Please copy out the full listing that follows exactly; no picture belongs in the copy.

-- Opening Marker --

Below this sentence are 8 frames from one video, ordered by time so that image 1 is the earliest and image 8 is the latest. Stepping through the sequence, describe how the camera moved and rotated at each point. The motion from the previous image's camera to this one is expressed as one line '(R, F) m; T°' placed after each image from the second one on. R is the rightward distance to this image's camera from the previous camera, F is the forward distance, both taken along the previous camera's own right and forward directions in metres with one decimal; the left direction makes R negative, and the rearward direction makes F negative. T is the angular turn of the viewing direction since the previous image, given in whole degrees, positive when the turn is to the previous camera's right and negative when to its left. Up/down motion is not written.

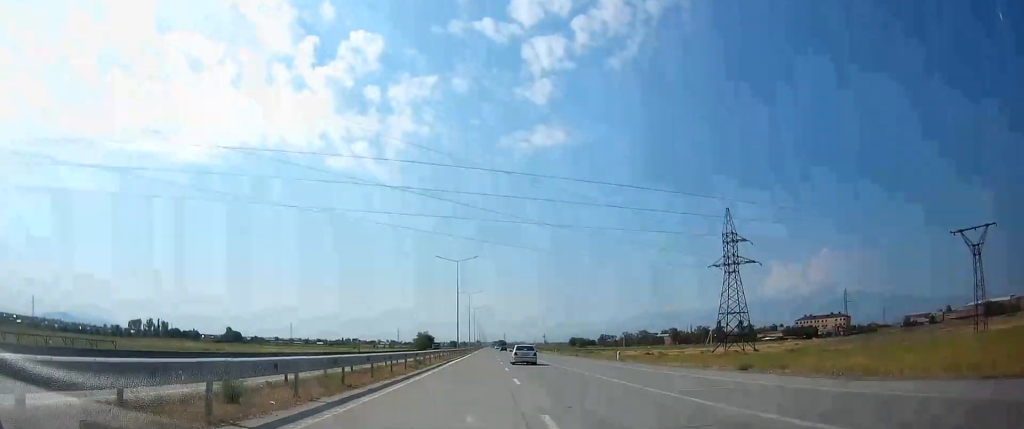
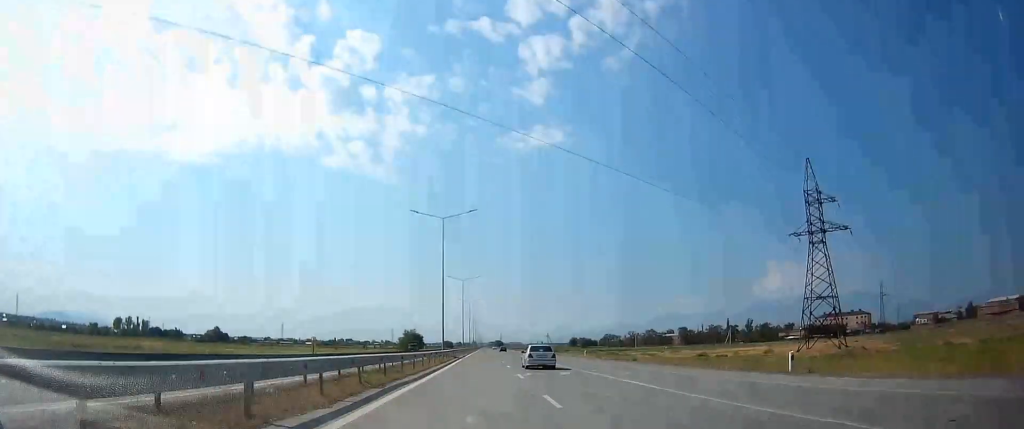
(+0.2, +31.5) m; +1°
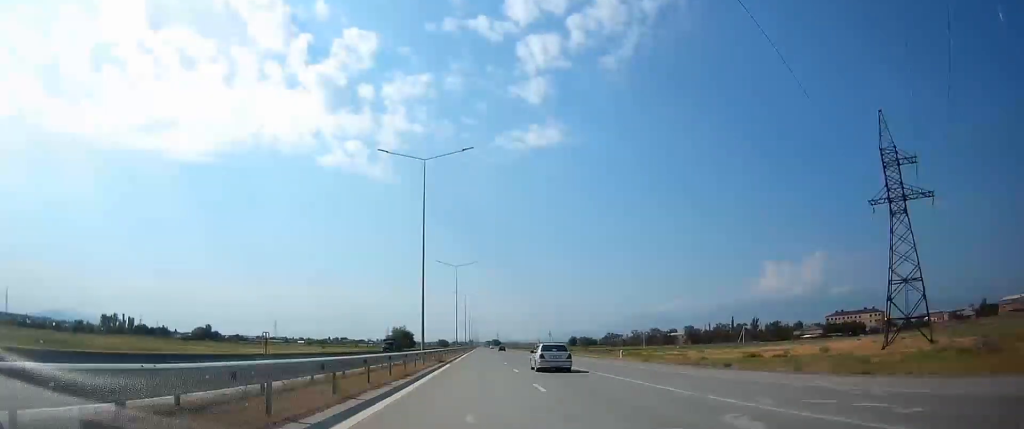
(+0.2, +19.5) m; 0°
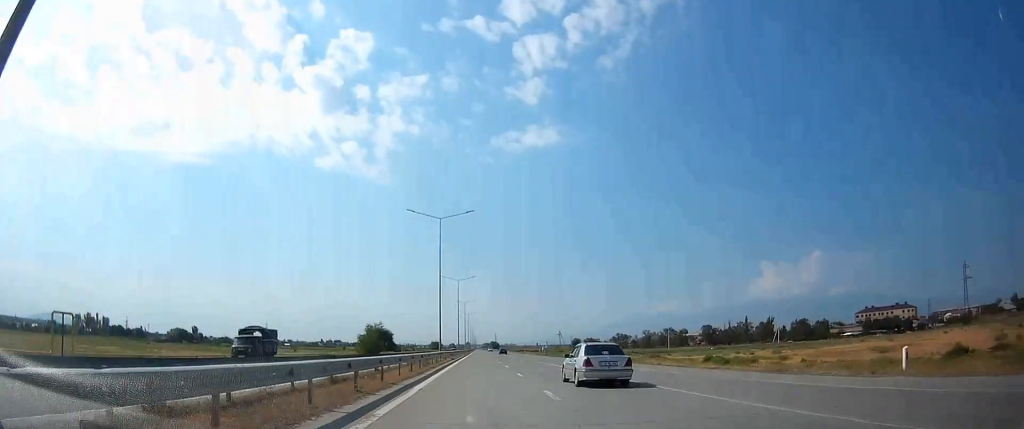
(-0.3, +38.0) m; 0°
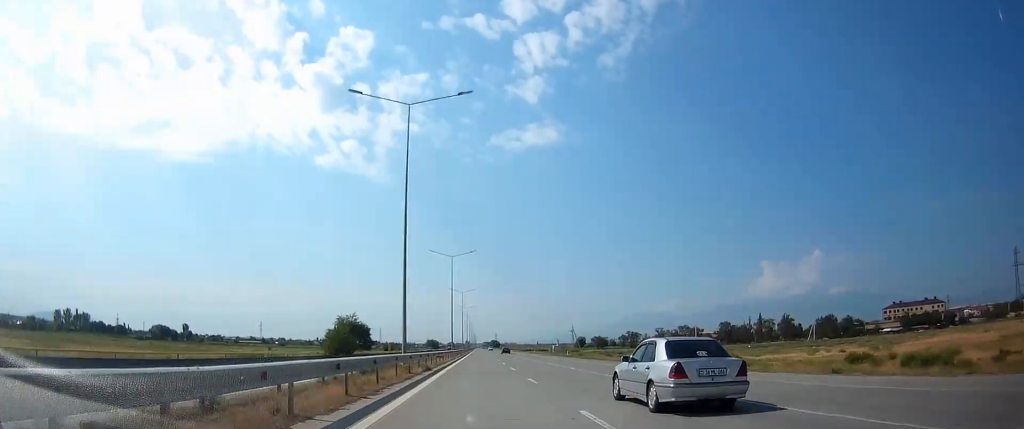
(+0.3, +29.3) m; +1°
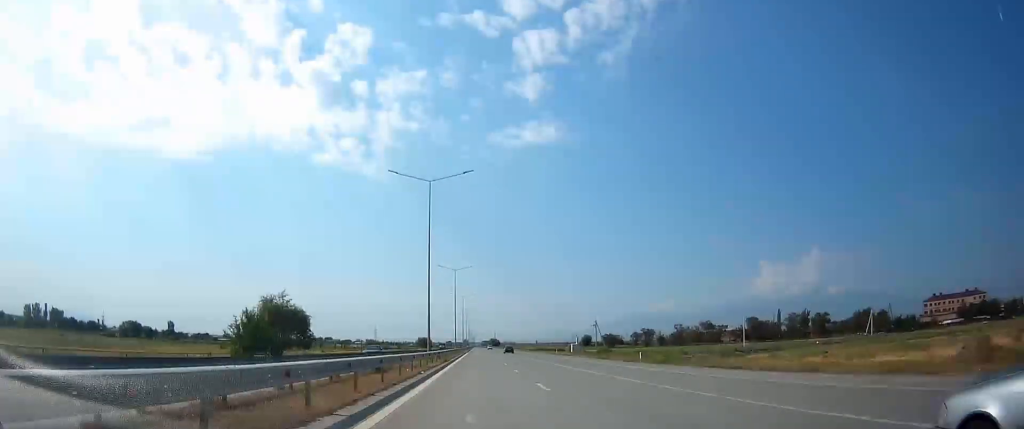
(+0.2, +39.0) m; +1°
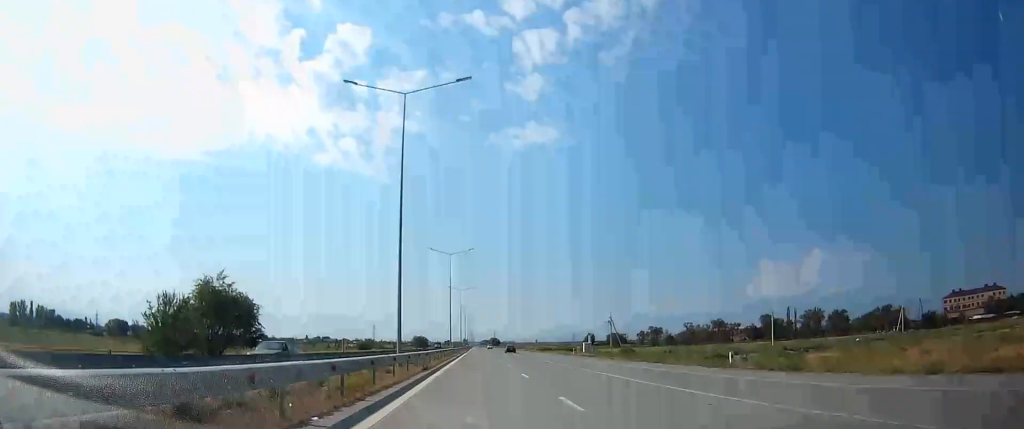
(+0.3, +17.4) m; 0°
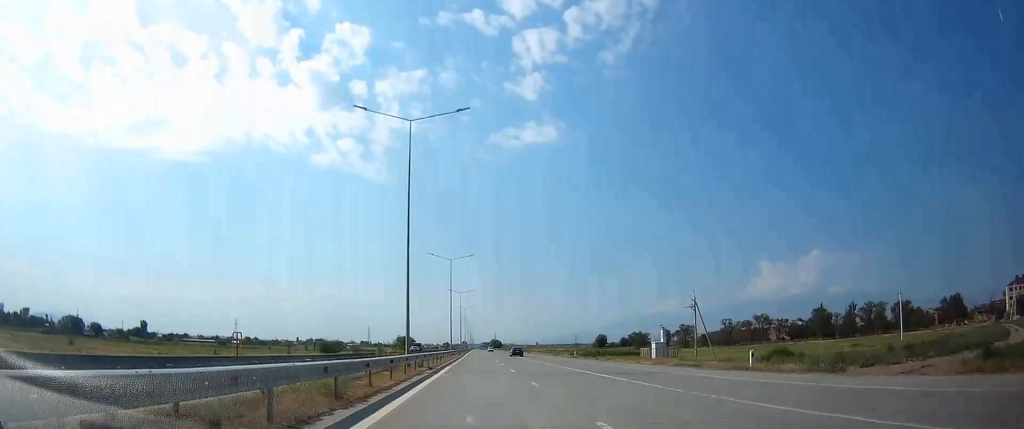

-- Closing Marker --

# Response area
Below this sentence are 8 frames from one video, ordered by time so that image 1 is the earliest and image 8 is the latest. Stepping through the sequence, describe how the camera moved and rotated at each point. The motion from the previous image's camera to this one is expressed as one line '(R, F) m; T°' placed after each image from the second one on. R is the rightward distance to this image's camera from the previous camera, F is the forward distance, both taken along the previous camera's own right and forward directions in metres with one decimal; the left direction makes R negative, and the rearward direction makes F negative. T is the angular turn of the viewing direction since the previous image, given in whole degrees, positive when the turn is to the previous camera's right and negative when to its left. Up/down motion is not written.

(+0.2, +31.5) m; +1°
(+0.2, +19.5) m; 0°
(-0.3, +38.0) m; 0°
(+0.3, +29.3) m; +1°
(+0.2, +39.0) m; +1°
(+0.3, +17.4) m; 0°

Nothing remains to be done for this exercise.